**Stored data:**

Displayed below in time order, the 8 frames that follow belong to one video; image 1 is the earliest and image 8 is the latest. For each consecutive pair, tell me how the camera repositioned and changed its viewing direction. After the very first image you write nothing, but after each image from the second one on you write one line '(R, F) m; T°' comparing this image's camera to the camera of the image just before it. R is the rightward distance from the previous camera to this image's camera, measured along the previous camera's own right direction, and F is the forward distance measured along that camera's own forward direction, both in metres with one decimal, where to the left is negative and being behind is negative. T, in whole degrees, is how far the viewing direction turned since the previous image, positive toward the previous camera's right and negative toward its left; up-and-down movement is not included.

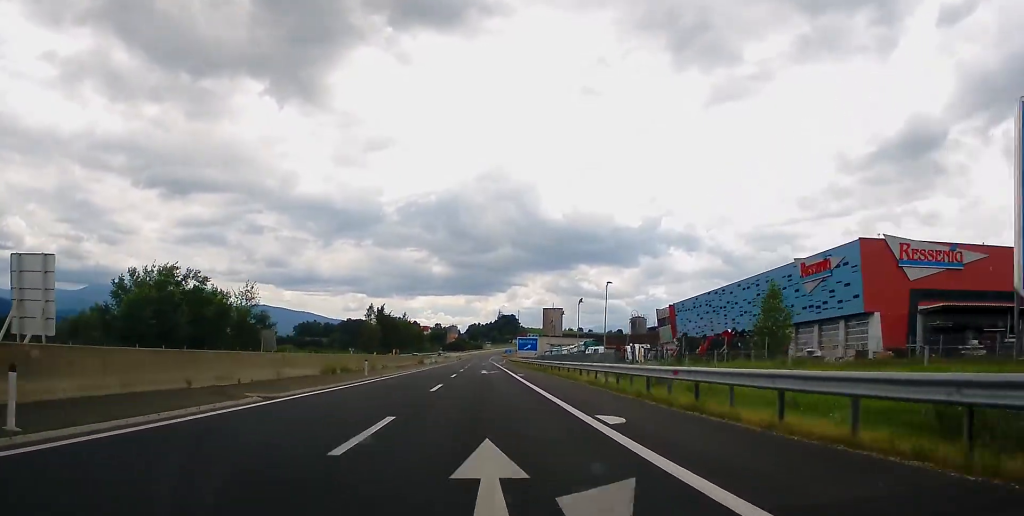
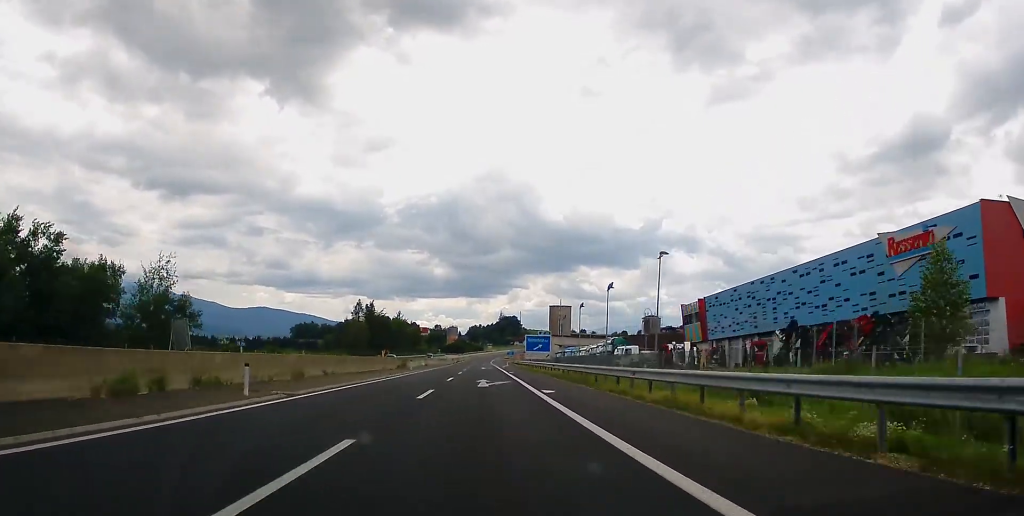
(0.0, +21.9) m; 0°
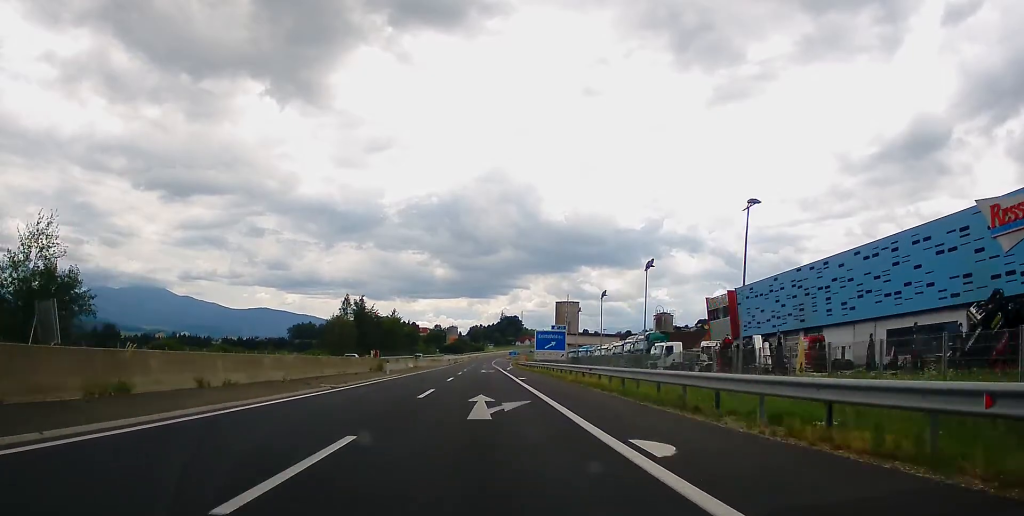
(0.0, +17.2) m; 0°
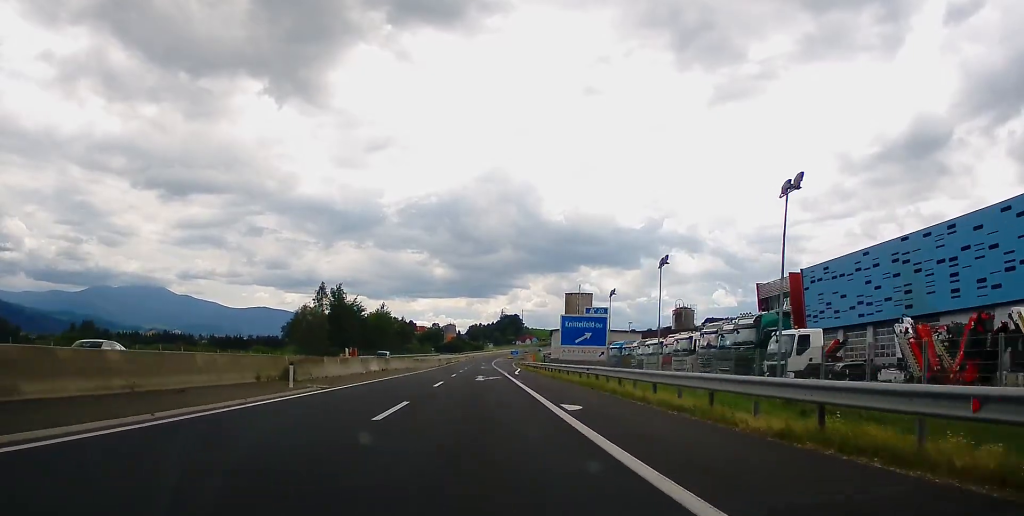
(0.0, +26.5) m; 0°
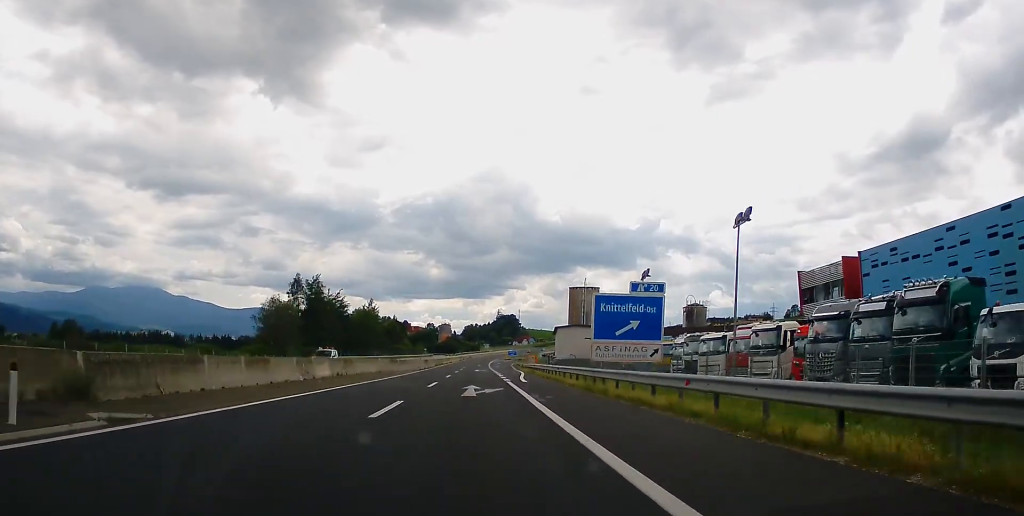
(-0.1, +16.9) m; +1°
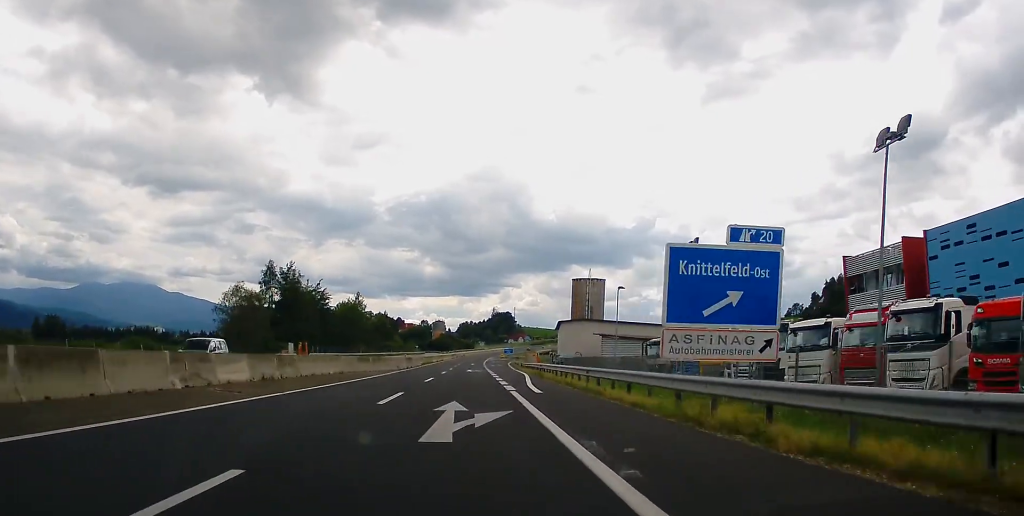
(+0.2, +14.1) m; 0°
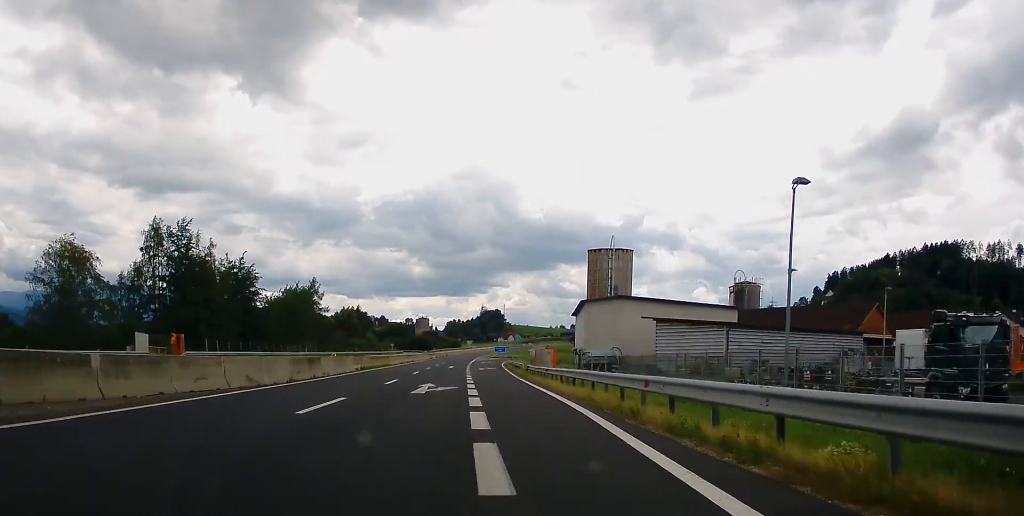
(+0.2, +39.4) m; 0°
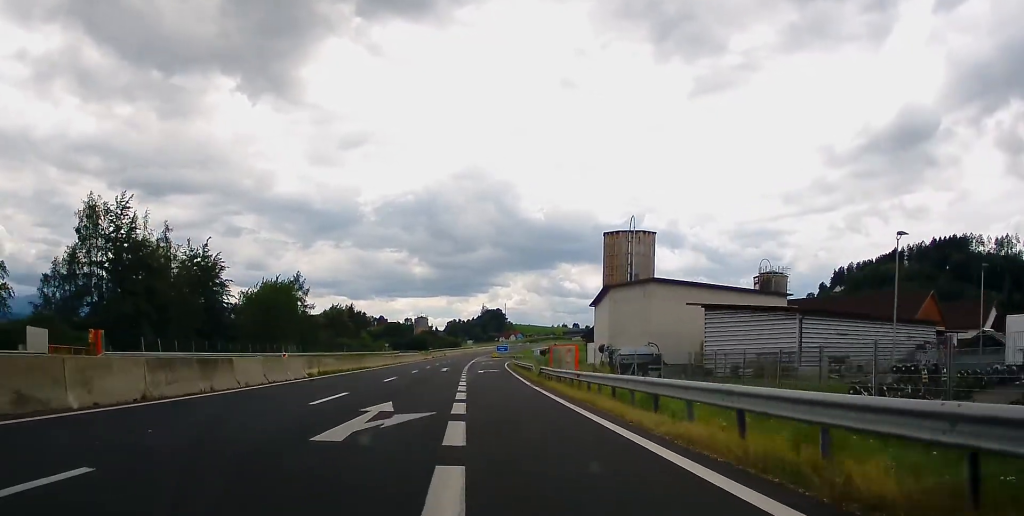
(0.0, +14.3) m; 0°

**WORK TASK:**
Apart from the pictures, repeat the data above exactly.

**WORKED SOLUTION:**
Displayed below in time order, the 8 frames that follow belong to one video; image 1 is the earliest and image 8 is the latest. For each consecutive pair, tell me how the camera repositioned and changed its viewing direction. After the very first image you write nothing, but after each image from the second one on you write one line '(R, F) m; T°' comparing this image's camera to the camera of the image just before it. R is the rightward distance from the previous camera to this image's camera, measured along the previous camera's own right direction, and F is the forward distance measured along that camera's own forward direction, both in metres with one decimal, where to the left is negative and being behind is negative. T, in whole degrees, is how far the viewing direction turned since the previous image, positive toward the previous camera's right and negative toward its left; up-and-down movement is not included.

(0.0, +21.9) m; 0°
(0.0, +17.2) m; 0°
(0.0, +26.5) m; 0°
(-0.1, +16.9) m; +1°
(+0.2, +14.1) m; 0°
(+0.2, +39.4) m; 0°
(0.0, +14.3) m; 0°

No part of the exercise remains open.